After being on edge and uncertain for a few months, some people couldn't deal with the idea of being safe or being told what to do. Sometimes they freaked out. A few of the freakouts were small, but most were like this guy--loud and convinced they could do something about it. What they often forgot was that the Mount had superheroes. And even if Gorgon didn't have the build of, say, George or Josh, he didn't need to rely on fists to take someone down. With a few leaping strides, he got ahead of the guy. Immediately, the guy raised his fists, ready to swing--and then Gorgon opened his goggles wide. The guy stood there a moment. Then his legs wobbled and he sagged. He dropped to his knees in front of Gorgon, still trapped by the hero's gaze. Strength poured out of the guy and into Gorgon, buoying him up tier after tier. His eyes watered and he started to shake and it wasn't until Cerberus said, "I think you got him," that Gorgon let the goggles snap shut. The gy toppled over. He'd be waking up with a miserable headache, if the energy thrumming through Gorgon's body was any indication.

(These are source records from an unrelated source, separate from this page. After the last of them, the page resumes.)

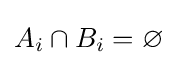
A_{i}\cap B_{i}=\varnothing
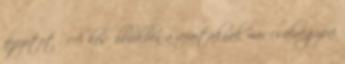
fejezetet . A későbbiekben a refaitáknak már csak egyéni
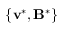
\{ \mathbf { v } ^ { * } , \mathbf { B } ^ { * } \}
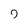
Character: 7
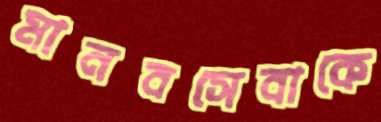
মানবসেবাকে
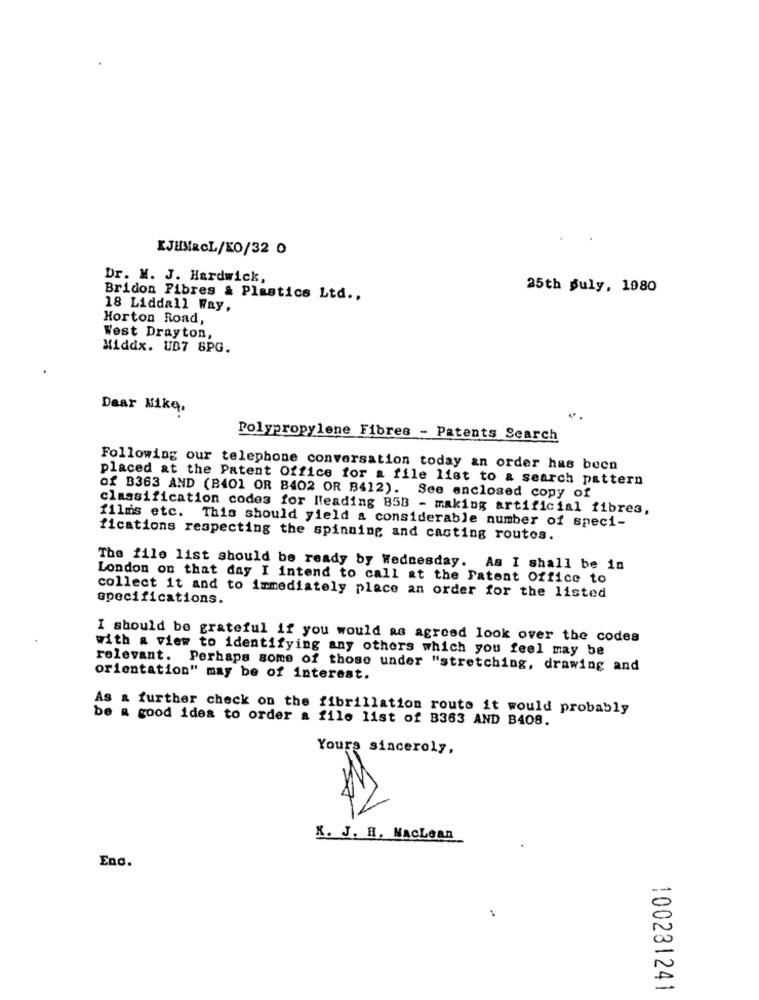
KJHMRCL/KO/32 0
Dr. M. J. Hardwick,
25th july, 1980
Bridon Fibres & Plastics Ltd .,
18 Liddall Way,
Horton Road,
West Drayton,
Middx. UD7 SPG.
Dear Mike,
Polypropylene Fibres - Patents Search
Following our telephone conversation today an order has been
placed at the Patent Office for a file list to a search pattern
of B363 AND (B401 OR B402 OR B412). See enclosed copy of
classification codes for leading B58 - making artificial fibres,
films etc. This should yield a considerable number of speci-
fications respecting the spinning and casting routes.
The file list should be ready by Wednesday. As I shall be in
London on that day I intend to call at the Patent Office to
collect it and to immediately place an order for the listed
specifications.
I should be grateful if you would as agreed look over the codes
with a view to identifying any others which you feel may be
relevant. Perhaps some of those under "stretching, drawing and
orientation" may be of interest.
As & further check on the fibrillation route it would probably
be a good idea to order a file list of B363 AND B408.
Yours sincerely,
K. J. H. NacLean
Enc.
--
1
0
100231241

The guards rushed over, dragging the guy towards the quarantine tent. Being unconscious didn't get you out of an exam, it just made the exam a lot more thorough. And this guy had just gotten bumped to the head of the line. "Stupid," Gorgon said, more to himself than Cerberus. "They should have been expecting something like that."

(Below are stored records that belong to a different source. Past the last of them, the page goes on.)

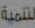
لتنمية
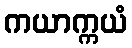
ကယာက္ကယံ
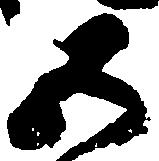
五
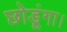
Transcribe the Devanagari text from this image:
छोडूंगा।
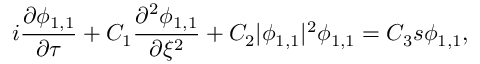
i \frac { \partial \phi _ { 1 , 1 } } { \partial \tau } + C _ { 1 } \frac { \partial ^ { 2 } \phi _ { 1 , 1 } } { \partial \xi ^ { 2 } } + C _ { 2 } | \phi _ { 1 , 1 } | ^ { 2 } \phi _ { 1 , 1 } = C _ { 3 } s \phi _ { 1 , 1 } ,
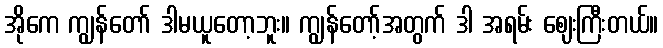
အိုကေ ကျွန်တော် ဒါမယူတော့ဘူး။ ကျွန်တော့်အတွက် ဒါ အရမ်း ဈေးကြီးတယ်။
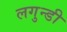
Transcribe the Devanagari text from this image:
लगुन्डी
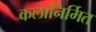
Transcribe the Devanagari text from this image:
कलानिर्मित
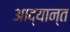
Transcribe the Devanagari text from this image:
आद्यान्त
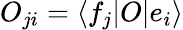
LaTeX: O_{ji}=\langle f_{j}|O|e_{i}\rangle
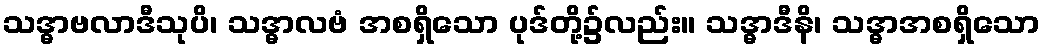
သဒ္ဓာဗလာဒီသုပိ၊ သဒ္ဓာလဗံ အစရှိသော ပုဒ်တို့၌လည်း။ သဒ္ဓာဒီနိ၊ သဒ္ဓာအစရှိသော
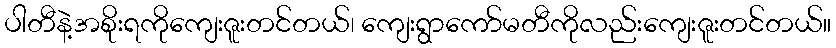
ပါတီနဲ့အစိုးရကိုကျေးဇူးတင်တယ်၊ ကျေးရွာကော်မတီကိုလည်းကျေးဇူးတင်တယ်။
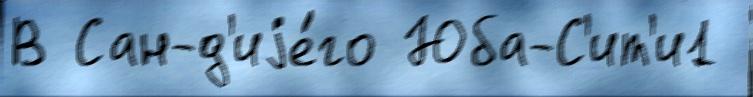
В Сан-д'иjе́го Юба-С'ит'и1
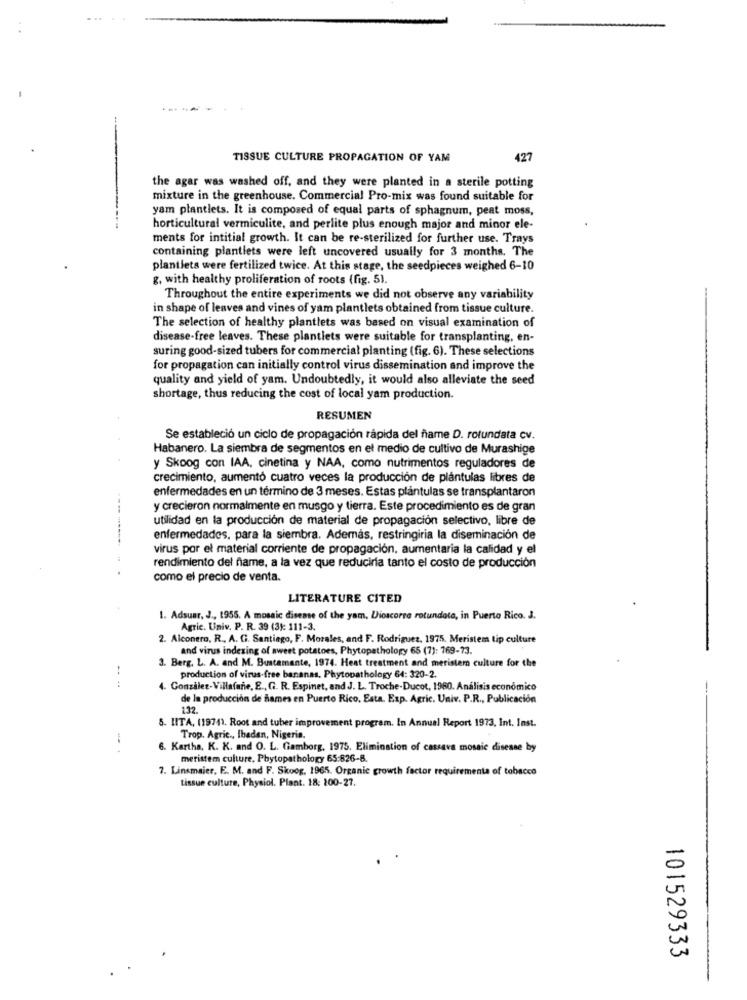
TISSUE CULTURE PROPAGATION OF YAM
427
the agar was washed off, and they were planted in a sterile potting
mixture in the greenhouse. Commercial Pro-mix was found suitable for
yam plantlets. It is composed of equal parts of sphagnum, peat moss,
horticultural vermiculite, and perlite plus enough major and minor ele-
ments for intitial growth. It can be re-sterilized for further use. Trays
containing plantlets were left uncovered usually for 3 months. The
plantlets were fertilized twice. At this stage, the seedpieces weighed 6-10
g, with healthy proliferation of roots (fig. 5).
Throughout the entire experiments we did not observe any variability
in shape of leaves and vines of yam plantlets obtained from tissue culture.
The selection of healthy plantlets was based on visual examination of
disease-free leaves. These plantlets were suitable for transplanting, en-
suring good-sized tubers for commercial planting (fig. 6). These selections
for propagation can initially control virus dissemination and improve the
quality and yield of yam. Undoubtedly, it would also alleviate the seed
shortage, thus reducing the cost of local yam production.
RESUMEN
Se estableció un ciclo de propagación rápida del ñame D. rotundata cv.
Habanero. La siembra de segmentos en el medio de cultivo de Murashige
y Skoog con IAA, cinetina y NAA, como nutrimentos reguladores de
crecimiento, aumentó cuatro veces la producción de plantulas libres de
enfermedades en un término de 3 meses. Estas plantulas se transplantaron
y crecieron normalmente en musgo y tierra. Este procedimiento es de gran
utilidad en la producción de material de propagación selectivo, libre de
enfermedades, para la siembra. Además, restringiria la diseminación de
virus por el material corriente de propagación, aumentaria la calidad y el
rendimiento del fame, a la vez que reducirla tanto el costo de producción
como el precio de venta.
LITERATURE CITED
1. Adsuar, J ., 1955. A mosaic disease of the yam, Dioscorre rotundata, in Puerto Rico. J.
Agric. Univ. P. R. 39 (3): 111-3.
2. Alconero, R ., A. G. Santiago, F. Morales, and F. Rodriguez, 1975. Meristem tip culture
and virus indexing of sweet potatoes, Phytopathology 65 (7): 769-73.
3. Berg, L. A. and M. Bustamante, 1974. Heat treatment and meristem culture for the
production of virus-free bananas. Phytopathology 64: 320-2.
. Gonzalez-Villafane, E ., G. R. Espinet, and J. L. Troche-Ducot, 1960. Análisis económico
de la producción de Bames en Puerto Rico, Esta. Exp. Agric. Univ. P.R ., Publicación
132.
5. HITA, (1974). Root and tuber improvement program. In Annual Report 1973, Int. Inst.
Trop. Agric ., Ibadan, Nigeria.
6. Kartha, K. K. and O. L. Gamborg, 1975. Elimination of cassava mosaic disease by
metistem culture, Phytopathology 65:826-8.
7. Linsmaier, E. M. and F. Skoog, 1965. Organic growth factor requirementa of tobacco
tissue culture, Physiol. Plant. 18: 100-27.
101529333
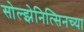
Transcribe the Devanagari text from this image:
सोल्झेनित्सिनच्या
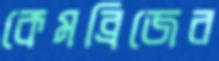
কেমব্রিজের
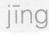
jīng
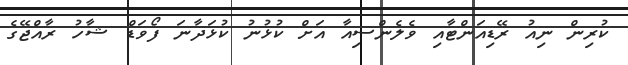
ކުރިން ނިއު ރޭޑިއަންޓާއި ވެލެންސިއާ އަށް ކުޅުނު ކުޅަދާނަ ފޯވަޑް ޝާހު ރާއްޖޭގެ
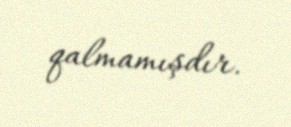
qalmamışdır.
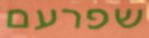
שפרעם
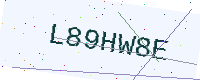
Text: L89HW8E

She answered anyway. "Probably. But what do you want? Most of these guys aren't military or police." The big helmet head moved side to side. "Hell, we're lucky when we can find a mall security guard."

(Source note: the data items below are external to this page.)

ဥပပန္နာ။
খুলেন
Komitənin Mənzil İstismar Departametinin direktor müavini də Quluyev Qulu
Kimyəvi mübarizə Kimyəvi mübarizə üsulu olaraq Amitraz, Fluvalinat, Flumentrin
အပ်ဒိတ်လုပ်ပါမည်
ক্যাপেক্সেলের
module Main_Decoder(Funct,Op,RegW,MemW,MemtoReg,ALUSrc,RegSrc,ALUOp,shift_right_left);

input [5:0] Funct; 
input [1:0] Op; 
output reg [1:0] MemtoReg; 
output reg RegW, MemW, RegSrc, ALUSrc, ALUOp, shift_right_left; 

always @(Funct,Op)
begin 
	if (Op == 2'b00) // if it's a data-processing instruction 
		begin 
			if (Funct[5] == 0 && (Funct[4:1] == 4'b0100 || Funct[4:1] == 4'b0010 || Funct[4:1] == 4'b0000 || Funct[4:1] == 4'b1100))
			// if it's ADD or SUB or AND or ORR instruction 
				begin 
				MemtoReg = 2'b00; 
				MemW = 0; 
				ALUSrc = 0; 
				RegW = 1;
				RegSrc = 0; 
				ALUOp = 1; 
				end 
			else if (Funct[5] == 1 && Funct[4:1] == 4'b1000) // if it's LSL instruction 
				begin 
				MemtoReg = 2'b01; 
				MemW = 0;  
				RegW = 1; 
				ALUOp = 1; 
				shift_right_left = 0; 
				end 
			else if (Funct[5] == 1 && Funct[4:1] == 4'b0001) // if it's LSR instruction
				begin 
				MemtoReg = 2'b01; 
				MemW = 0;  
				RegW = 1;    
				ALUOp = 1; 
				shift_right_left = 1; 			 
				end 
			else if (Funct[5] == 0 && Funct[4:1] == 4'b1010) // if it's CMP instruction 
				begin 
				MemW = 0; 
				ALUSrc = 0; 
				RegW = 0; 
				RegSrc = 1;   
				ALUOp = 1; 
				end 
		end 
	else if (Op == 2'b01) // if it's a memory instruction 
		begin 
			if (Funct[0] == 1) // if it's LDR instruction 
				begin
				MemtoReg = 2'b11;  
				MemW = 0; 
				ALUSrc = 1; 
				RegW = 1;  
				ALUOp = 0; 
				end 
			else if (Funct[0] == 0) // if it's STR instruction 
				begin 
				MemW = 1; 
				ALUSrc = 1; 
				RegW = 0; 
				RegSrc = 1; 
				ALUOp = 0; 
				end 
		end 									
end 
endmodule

"Well, they better find someone to put in charge," Gorgon said, shifting into his gunslinger pose while the rest of the group followed meekly after the unconscious guy. "Things are going to get ugly in here fast if it keeps going like this." They were almost at four thousand people inside the Mount now. It was impossible to have that many people living together in peace. "Stealth had better assign someone to keep the peace if she doesn't want this place descending into anarchy."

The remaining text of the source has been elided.